A few years ago, a group called Strike Debt that sprang out of the Occupy protests embarked on a novel strategy to highlight what it sees as the injustice of consumer indebtedness: Raising money to purchase loans that financial institutions have to sell for pennies on the dollar as a tax write-off once they become more than 180 days delinquent. Instead of taking people to court to try to collect that debt, which a normal debt buyer would do, the project — called Rolling Jubilee — just abolishes it. So far, the nonprofit has raised more than $700,000 for the purpose.

Until now, Rolling Jubilee had just purchased and destroyed medical debt, which people rack up quickly if they don’t have insurance. And it wasn’t able to buy the federally-backed student loans. But Rolling Jubilee could buy some of that private debt that Corinthian was peddling.

In August, according to the CFPB, the company offloaded $505 million in outstanding loans, which it sold for $19 million to another entity known in the complaint as “Company A.” From a different buyer — which Rolling Jubilee says it can’t disclose, according to the terms of its purchase agreement — Rolling Jubilee was able to acquire and abolish $3,856,866.11 in loans owed by 2,761 people. One of them was Courtney Brown.

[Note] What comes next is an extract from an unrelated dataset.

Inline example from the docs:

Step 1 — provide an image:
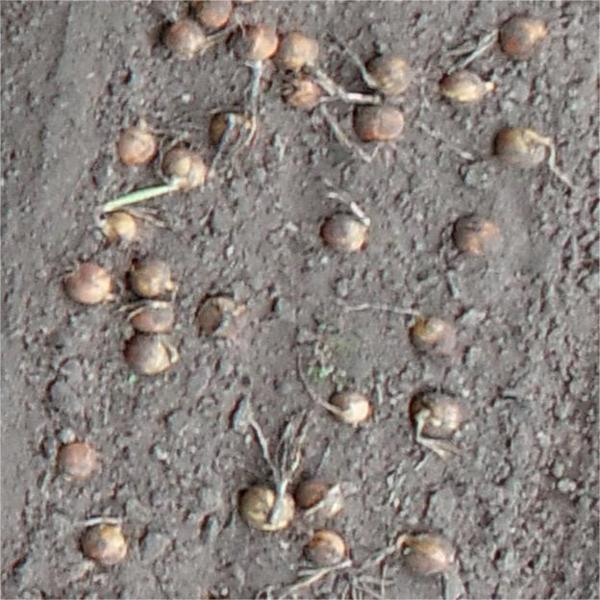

Last week, Brown got a letter in the mail saying that the last $800 of her private loans had been wiped out. “When I got the letter from Rolling Jubilee, it was kind of a shocker. I thought it was a joke,” Brown says. “Then I spoke to someone on the phone, and they explained that it was the one debt that I had left.”

Despite the difference a few dollars can make in the lives of those whose debt has been washed away, the ex-Occupiers aren’t planning to continue that particular strategy. Donations for the fund closed in December, and there’s a little left over for a couple more debt purchases before it winds down completely — organizers say it was a public relations strategy to highlight how the debt market works, and isn’t a sustainable solution.

“We want it to roll into larger, more aggressive tactics,” says Thomas Gokey, one of the group’s founders. “We want to make all public higher education completely free — that’s a practical, achievable goal. We can’t wait for Congress to do it.” To that end, today, Strike Debt launched the Debt Collective, which plans to organize debtors across the country in resistance.

Meanwhile, Brown has gone back to school. This time, it’s a four-year degree at the public Western Michigan University, which she’s financing through federal student loans exclusively. She knows it’s expensive, too — but at least she’s more likely to get a job at the end of it.